I try to go for the best time of the season...no matter how old.
Between 8-12 months old is good. I usually do them around 9 months old.
You want to do it when you can hang it for about 24 hrs with it being no warmer than 40 or 45 F.
Goat meat doesn't need to be aged but I like to let it hang over night or 24 hrs to make sure all blood has drained before chopping it for the freezer. I did mine late December when it was about 35 out and a little colder at night.
So anywhere from late Nov. to late Dec. is a nice time to butcher. If you are getting kids early...like Feb or march then I would do them before winter (2013)sets in.

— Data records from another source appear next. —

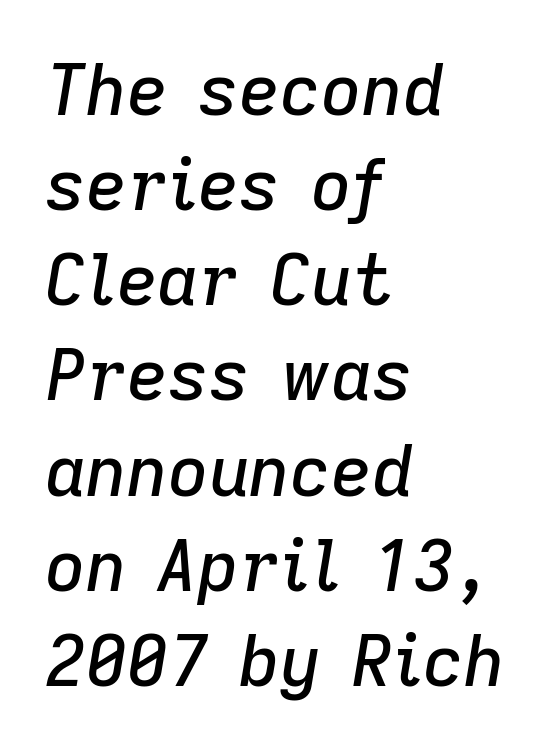
Q: Is the text italic (slanted)? A: Yes, it leans right by about 9 degrees.
Q: Is the text underlined? A: No.
Q: How is the paragraph aligned? A: Left-aligned.
Q: Is the spacing between letters normal or unusually wide? A: Normal.
Q: Is the spacing between lines tight, normal or loose? A: Normal.
Q: Width (condensed, normal, or wide)? A: Normal.
Q: Stroke contrast? A: Low.
Q: x-height? A: Medium.
Q: Monospaced? A: No.
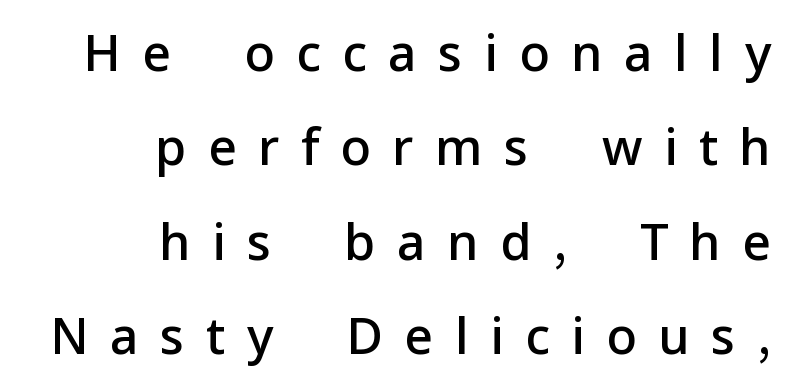
Q: Is the text bold? A: Semi-bold.
Q: Is the text italic (slanted)? A: No, it is upright.
Q: Is the typeface a serif or a sans-serif typeface? A: Sans-serif.
Q: Is the text underlined? A: No.
Q: How is the paragraph aligned? A: Right-aligned.
Q: Is the spacing between letters normal or unusually wide? A: Unusually wide.
Q: Width (condensed, normal, or wide)? A: Normal.
Q: Stroke contrast? A: Low.
Q: x-height? A: Medium.
Q: Monospaced? A: No.
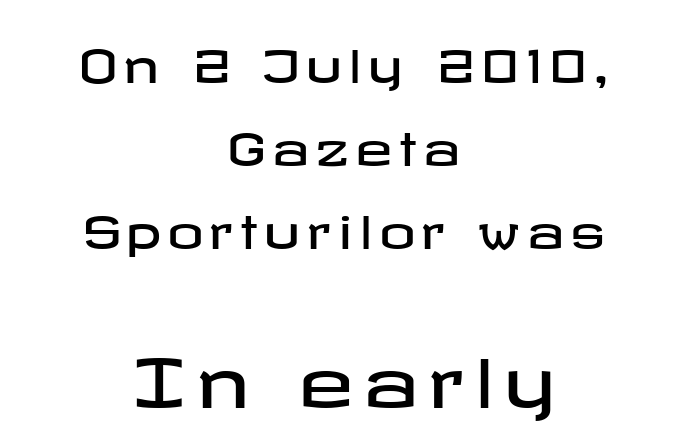
Serif or sans? Sans — the stroke terminals are bare. Top chunk: small. Bottom chunk: large. No italicization has been applied; the sample stays upright. Horizontal alignment here is central, giving a formal, balanced look. Glance below the letters and you will spot only blank space.
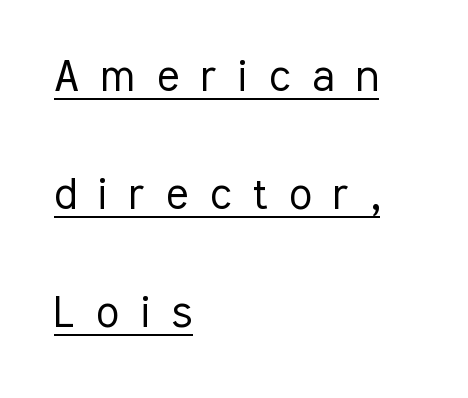
Loosely led — the rows are spread out. Think of a printed novel: that variable character pitch is what you see here. Note: no serifs on the glyphs. No italicization has been applied; the sample stays upright. Is the stroke heavy? The answer is a plain regular-or-lighter. The setting favours the left margin, as ordinary paragraphs usually do.
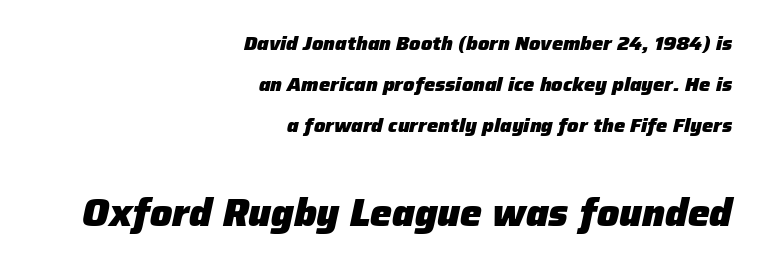
Q: Is the text bold? A: Yes.
Q: Is the text italic (slanted)? A: Yes, it leans right by about 12 degrees.
Q: Is the text underlined? A: No.
Q: How is the paragraph aligned? A: Right-aligned.
Q: Is the spacing between letters normal or unusually wide? A: Normal.
Q: Is the spacing between lines tight, normal or loose? A: Loose.
Q: Which block of text is set in a larger size, the first (top) or the second (bottom)? A: The second (bottom) one.
Q: Width (condensed, normal, or wide)? A: Normal.
Q: Stroke contrast? A: Low.
Q: x-height? A: Medium.
Q: Monospaced? A: No.
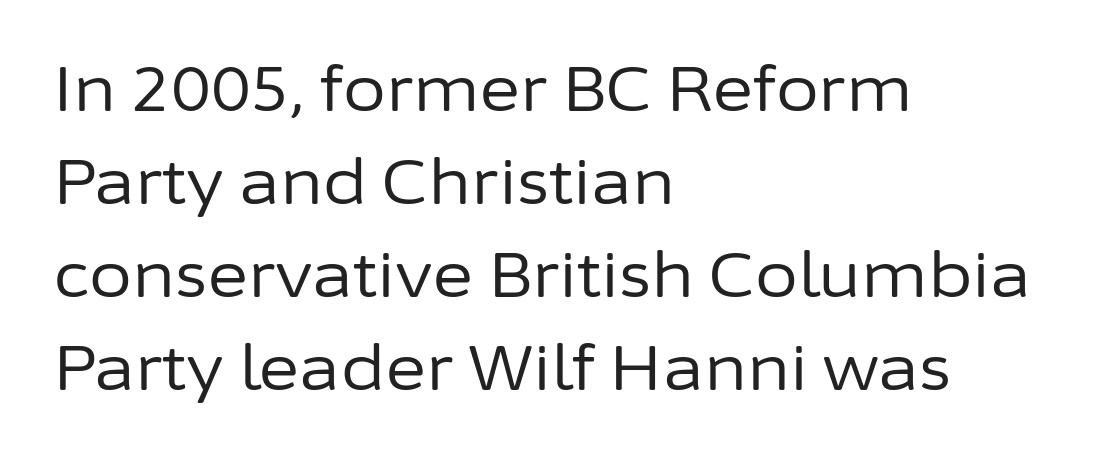
{"serif": "no", "italic": "no", "bold": "no", "weight": "regular", "width": "normal", "stroke_contrast": "low", "x_height": "medium", "monospaced": "no", "underline": "no", "align": "left", "line_spacing": "normal", "line_spacing_ratio": 1.5, "letter_spacing": "normal", "letter_spacing_em": 0.0, "glyph_px": 62}
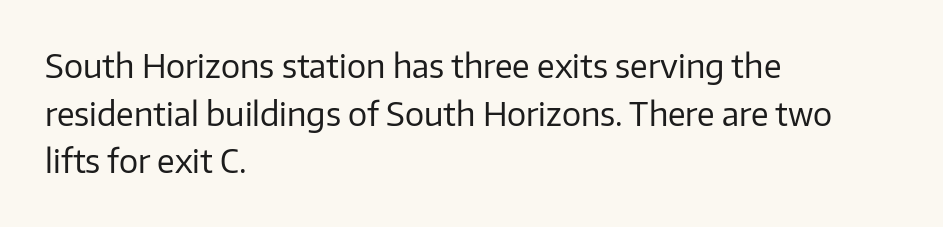
{"serif": "no", "italic": "no", "bold": "no", "weight": "regular", "width": "normal", "stroke_contrast": "low", "x_height": "medium", "monospaced": "no", "underline": "no", "align": "left", "line_spacing": "normal", "line_spacing_ratio": 1.49, "letter_spacing": "normal", "letter_spacing_em": 0.0, "glyph_px": 32}
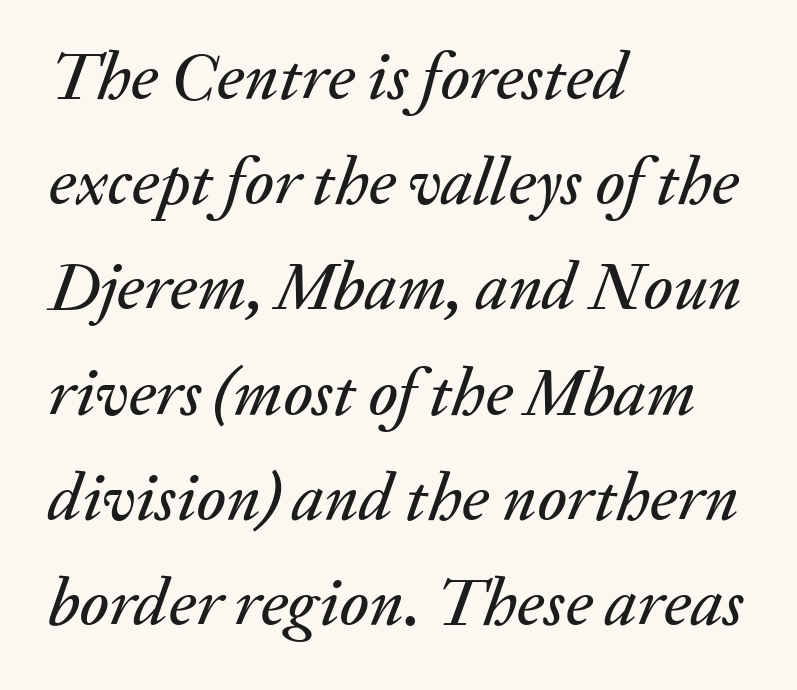
This is oblique type, the kind used for emphasis or titles. The line-height multiplier appears to be the usual default. Spacing verdict: proportional, widths tailored to each character. The strip under each line holds only bare page.
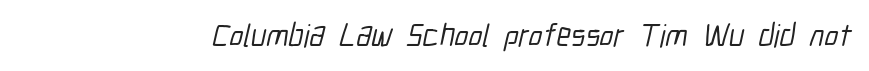
Q: Is the typeface a serif or a sans-serif typeface? A: Sans-serif.
Q: Is the text underlined? A: No.
Q: Is the spacing between letters normal or unusually wide? A: Normal.
Q: Width (condensed, normal, or wide)? A: Condensed.
Q: Stroke contrast? A: Low.
Q: x-height? A: Medium.
Q: Monospaced? A: No.
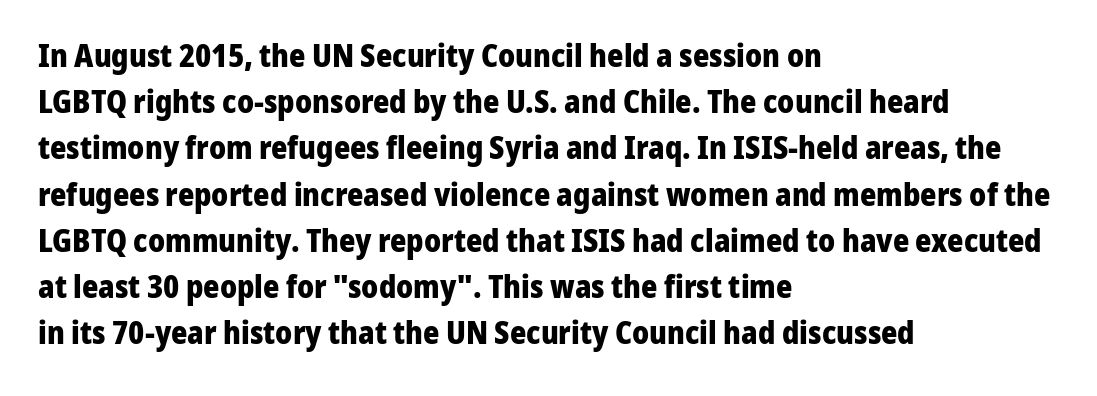
The image shows 31 px heavy sans-serif type, upright; set left-aligned, normal line spacing (1.49x), normal letter spacing, not underlined; low stroke contrast and a medium x-height.

If kids are coming in April or May I would let them go until early spring when the weather is still cold. They would get bigger and up to age...but more money in hay and grain.


----------



## pennyspasture

*Re: Age to slaughter*

Our does are due in April and May. We are trying to minimize the amount of hay/grain we need to feed. Two years ago we slaughtered a 6mo. old dairy wether and got 10-15lbs of meat. We slaughtered him ourselves, just like we do our deer when my husband gets one. Nice to be able to save on the expense of processing. I am wondering though, how big of a difference should I expect in the amount of meat we will get. Is it worth the extra money you put into feed if you raise a Boer cross to 9 months or is it more economical to just slaugher younger?


----------